Wednesday, September 21, 2016

These tables gave me an identity crisis.

I read many more blogs than my participation on this site would imply.  The reasons for that are the subject of a different post I probably won't write, but that's not the point.  I'm using that to introduce this idea: just because you brought something into your home, it doesn't mean you have to be shackled to that decision.

That's paraphrased from an episode of the Chris loves Julia podcast.  I tried to find the exact quote.  I spent over an hour listening and skipping through past episodes.  I know it's from an earlier episode, but time won out on the specifics.  Shackled sounds harsh, but it's out of context and I'm setting this up terribly.  Hang in there.  It's not a novel concept, but it's also something I can't admit to realizing until I heard it.  It was groundbreaking, and admittedly, I'm a very detached person.  I rarely associate objects with anything - to the point I've been called flakey or frivolous - so to hear other people share the same sentiment was comforting. 

Now that there are words to my mantra, I can stop procrastinating this post.  

I built my sister a set of side tables.  Just as with this post, I procrastinated them for weeks.  Also for that reason, this post is not a tutorial, but a recap.  I took no pictures in the process.  Weeks spanned between when I kicked around wood scraps for tabletop designs and the week of completion, where I timed the four hours between coats of paint.  I was running these that close to the wire.  

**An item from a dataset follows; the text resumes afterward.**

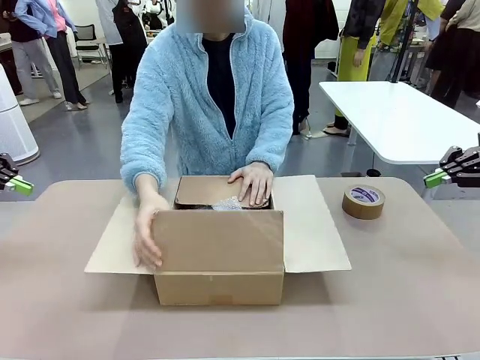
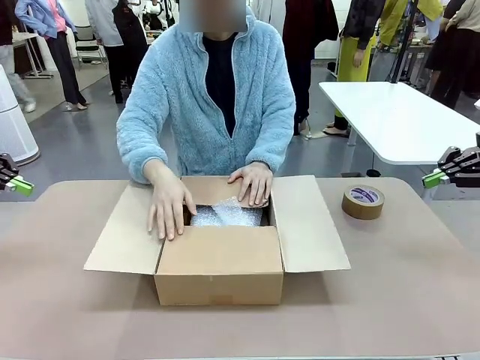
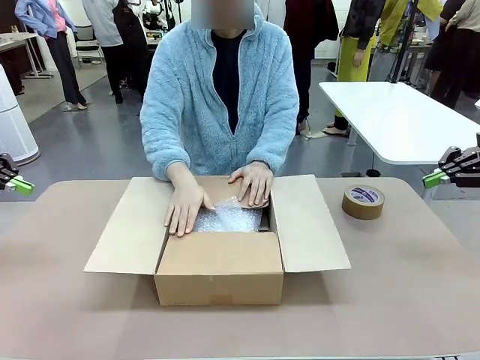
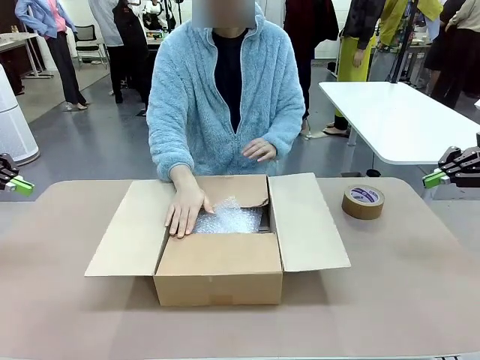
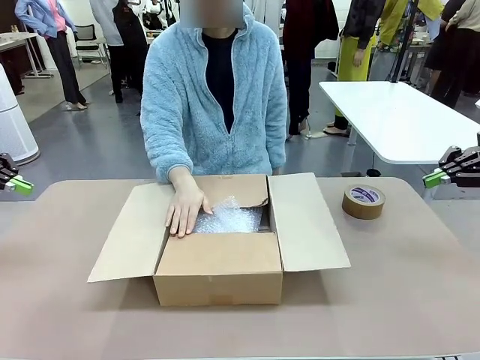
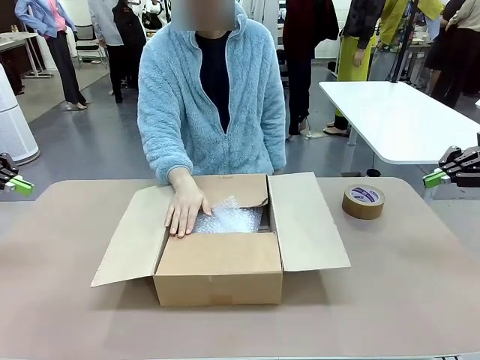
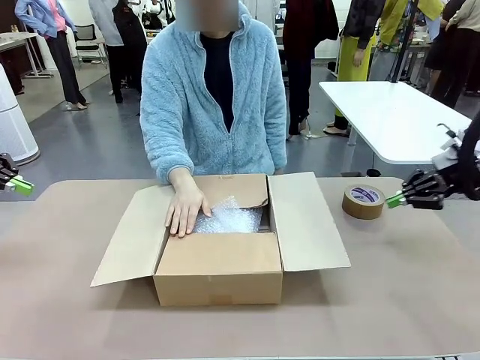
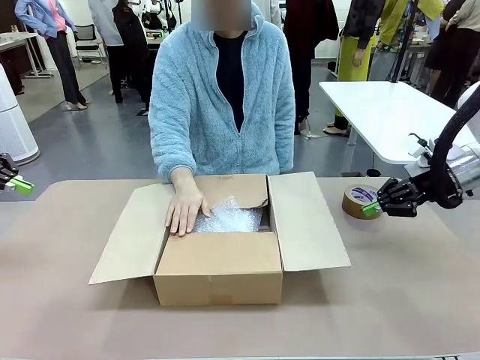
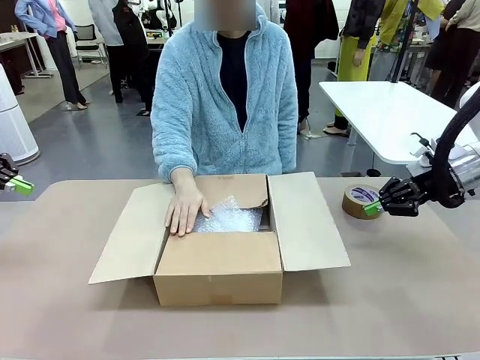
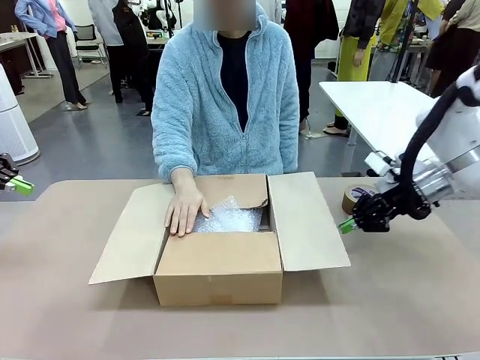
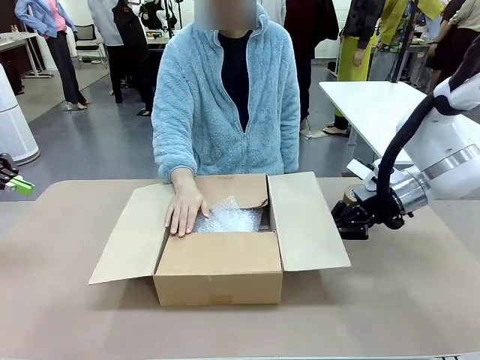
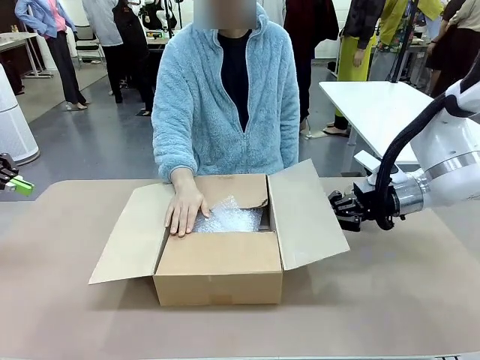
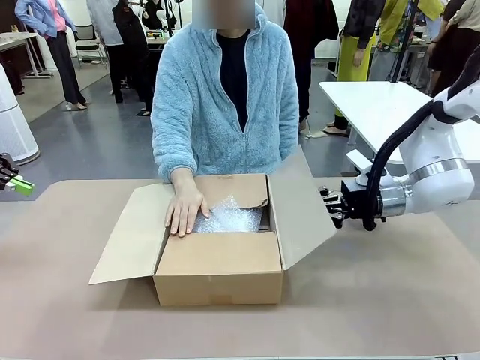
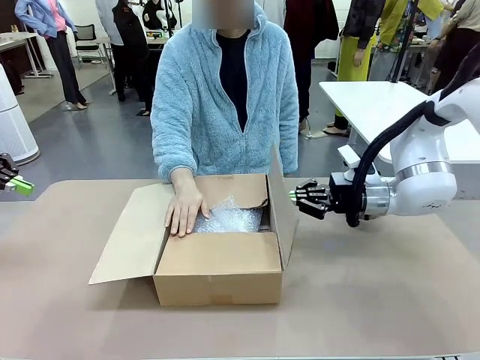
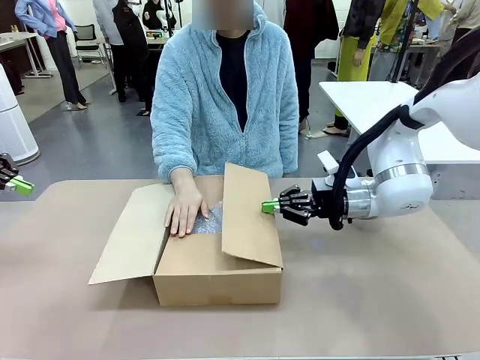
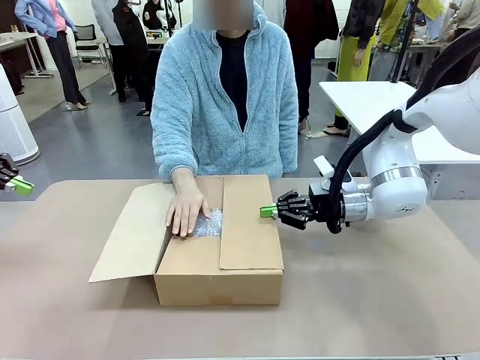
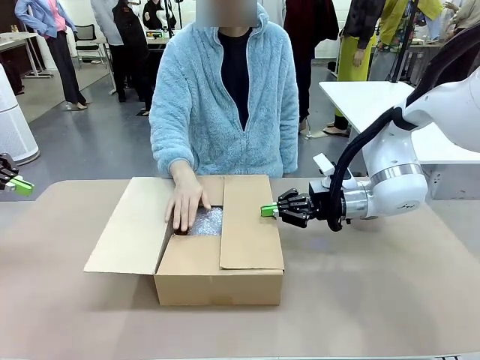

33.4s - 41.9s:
Task: Wrap the clocks to prevent damage.
Robot: Push the right (or left) flap of the Package Box to close it.
Person: Once the robot closes the right flap of the Package Box , release your left hand from the box.

She liked the tables in my guest room, but it's uninspiring to repeat.  I aimed to incorporate the lines and angles in a different way.  I didn't consider how the grain would work with it, but in a happy accident, I really like the way it does.  Working with 45-degree angles because math is hard, I was able to use scrap pieces of 1x6 board to make the top.  The center insert is two tinier slivers of 1x6 boards, forced into the gap.  The stain is Minimax Honey, the same we used on our closet floors.  Also like the closet floors, I applied with an old rag so the application was lighter - and much nicer - than the heavy dose of the brush.

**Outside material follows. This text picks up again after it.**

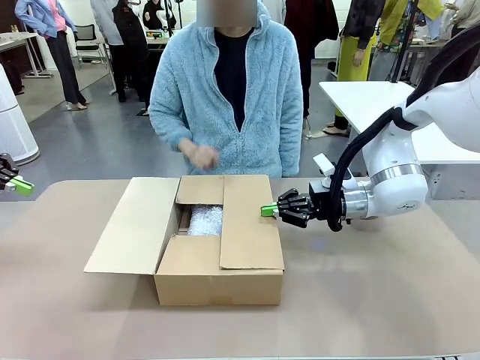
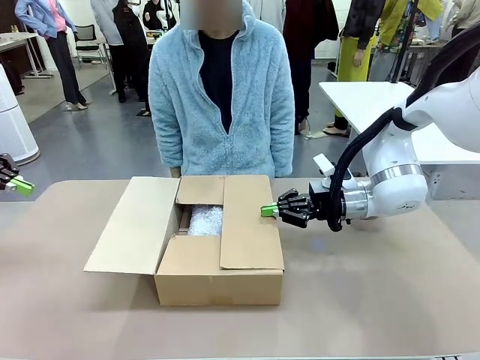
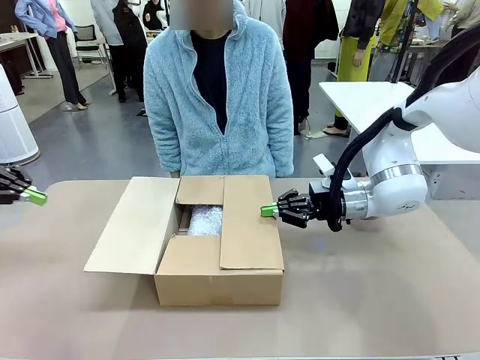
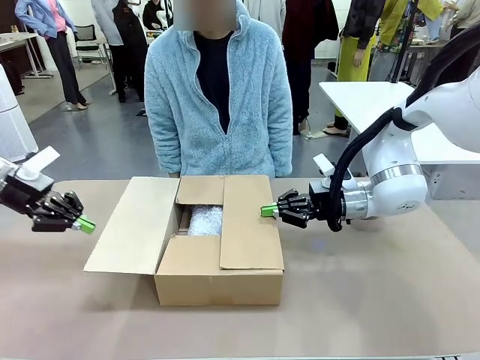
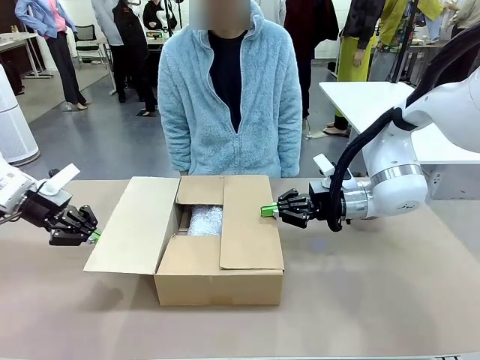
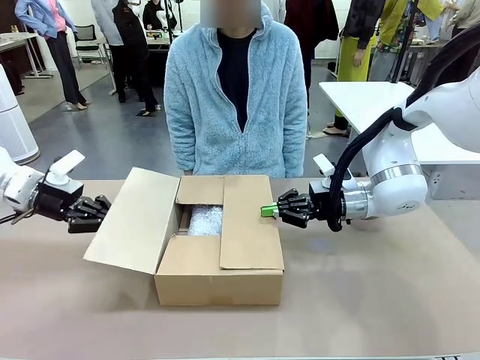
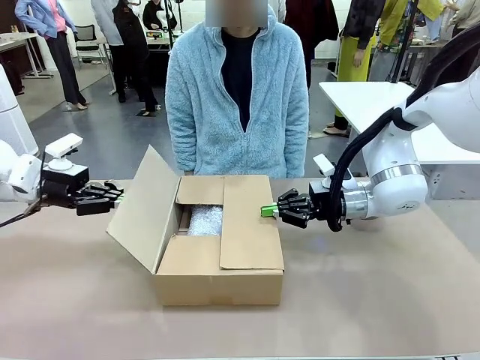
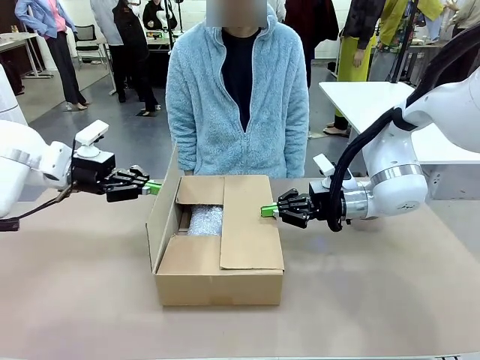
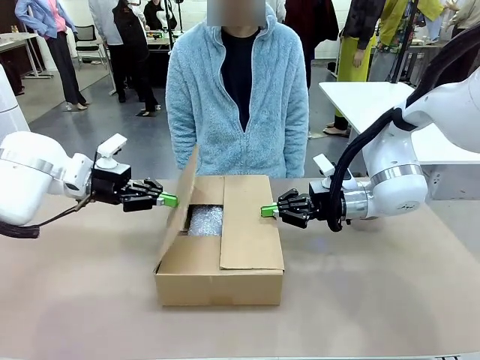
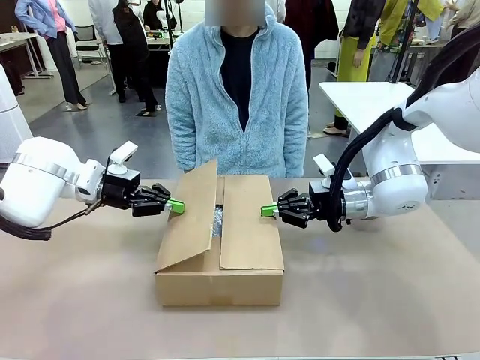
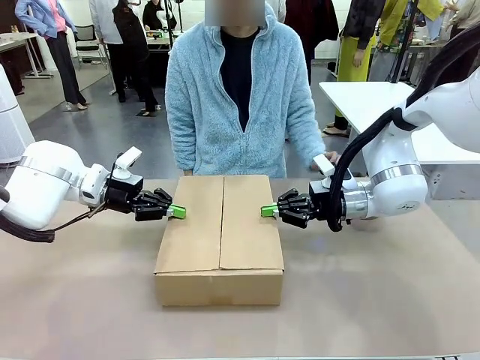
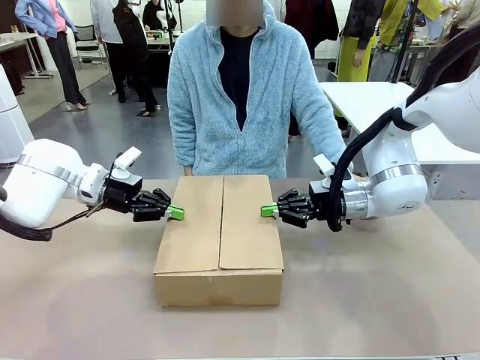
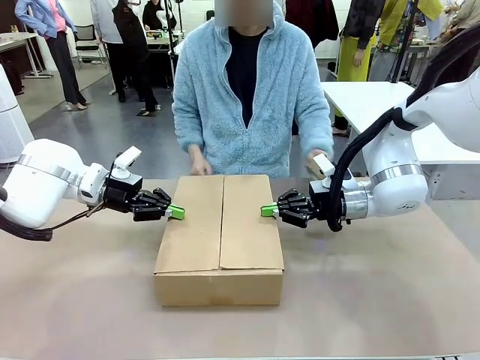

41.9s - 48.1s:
Robot: Push the left (or right) flap of the Package Box to close it.

The legs are 2x2's with a nice little taper at the bottom that was much more difficult in execution than intended.  It looks smooth and uniform here, but I assure you it is not.  Smooth, yes - I sanded these a lot.  Uniform, no.  I cut 10 legs and chose the closest 8 for the two tables.  I had intended on measuring - following a tutorial from Ana White's The Handbuilt Home, but the process didn't translate to 2x2's.  The width of these made it tricky.  I eyeballed these and got close enough.


The shelf is a 3/4-inch piece of plywood with 1x2 strips between the legs.  That's an idea from a different tutorial within the same Ana White book.  When she noted she wanted a shelf, I knew I'd have to paint.  I don't have the finesse to not rely heavily on caulking to smooth my mistakes.    

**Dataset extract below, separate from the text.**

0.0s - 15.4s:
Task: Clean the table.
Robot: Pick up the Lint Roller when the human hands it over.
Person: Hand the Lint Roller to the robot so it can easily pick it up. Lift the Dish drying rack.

I am in love with these tables.  The combination of paint and stain is really great.  The paint is leftover BM White Wisp, a color I intended for the top part of the dining room in the background.  After painting a coat, Zach asked if I started painting.  It was then quite obvious the paint color was too light.  On these tables, though - it's fantastic.  It's white without being glaringly bright.  It's crisp without stark contrast to the darker tops.


And those tops.  I never expected to love the honey stain as I do here.  Maybe I should have, it is very similar to our floors.  I fell hard for these tables.  If I wasn't SO into the tops of the bedroom tables, I might have swapped them.  I did a photoshoot with them.


Here's where I bring it full circle: just because you brought something into your house, it doesn't mean it has to stay there.  

Something about them does look better.  However, the style isn't right.  The paint, taper, the design of the tabletop, the height of the shelf - it all combines to a little more traditional than we quiz at around here.  We quiz at a minimalist, industrial, complimented by bohemian and rustic styles.  I'd throw in midcentury modern.  Clearly there isn't a working title.  

There is an argument for the lighter, visually thinner, look of the legs.  That contrast highlights the beautiful little lip of the tabletop, which I really love.  There's an argument to be made for the honey stain in here, to pick up the floor and repeat a theme.  All of that is on hold until we actually design this room - which won't be until we finish the basement.    

I'm really proud of these tables.  They sent me in a tailspin, questioning our goal as we design this house into our home, but I'm taking this as the first conscious reflection of looking critically at pieces.  It's knowing that I can love something, and that doesn't mean I need to have it in our home.